(Items listed in a dataset)
───
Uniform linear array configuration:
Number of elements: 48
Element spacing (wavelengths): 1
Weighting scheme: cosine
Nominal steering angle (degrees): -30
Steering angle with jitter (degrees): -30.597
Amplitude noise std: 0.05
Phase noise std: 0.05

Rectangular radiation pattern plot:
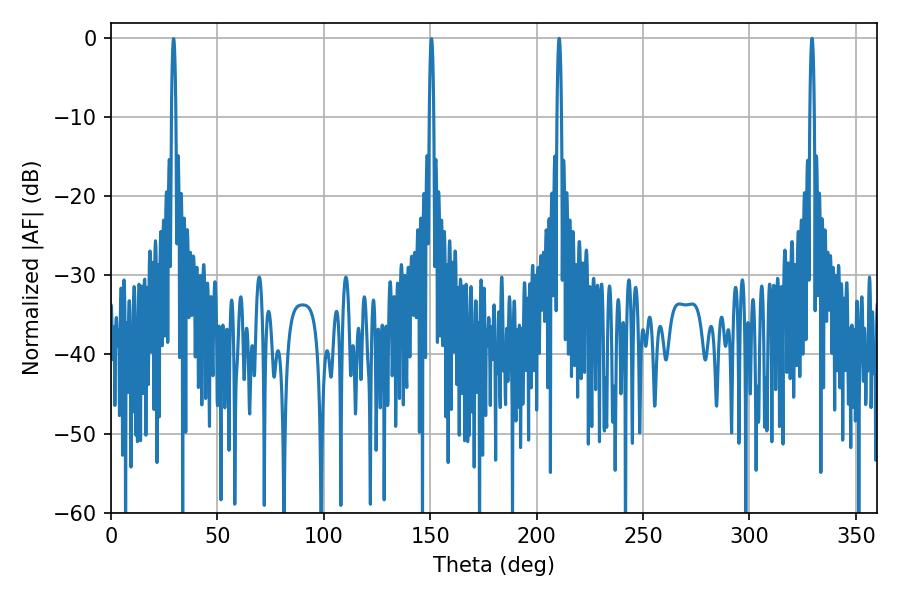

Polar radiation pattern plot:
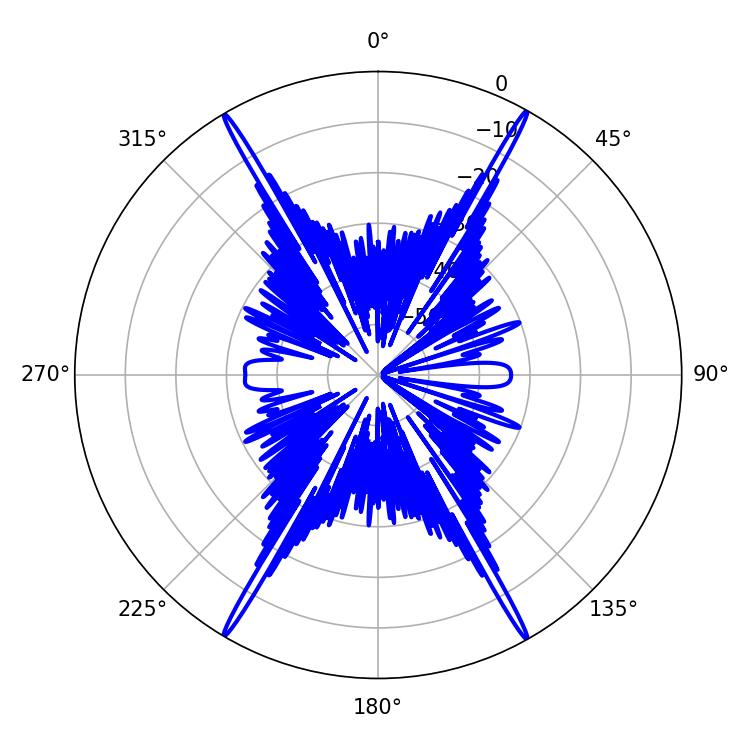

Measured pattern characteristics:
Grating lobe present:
───
* What you will do: Only the lines from the line containing "Polar radiation pattern" through the last line of the entries above should be reproduced, word for word and without pictures.

* Exercise result:
Polar radiation pattern plot:

Measured pattern characteristics:
Grating lobe present:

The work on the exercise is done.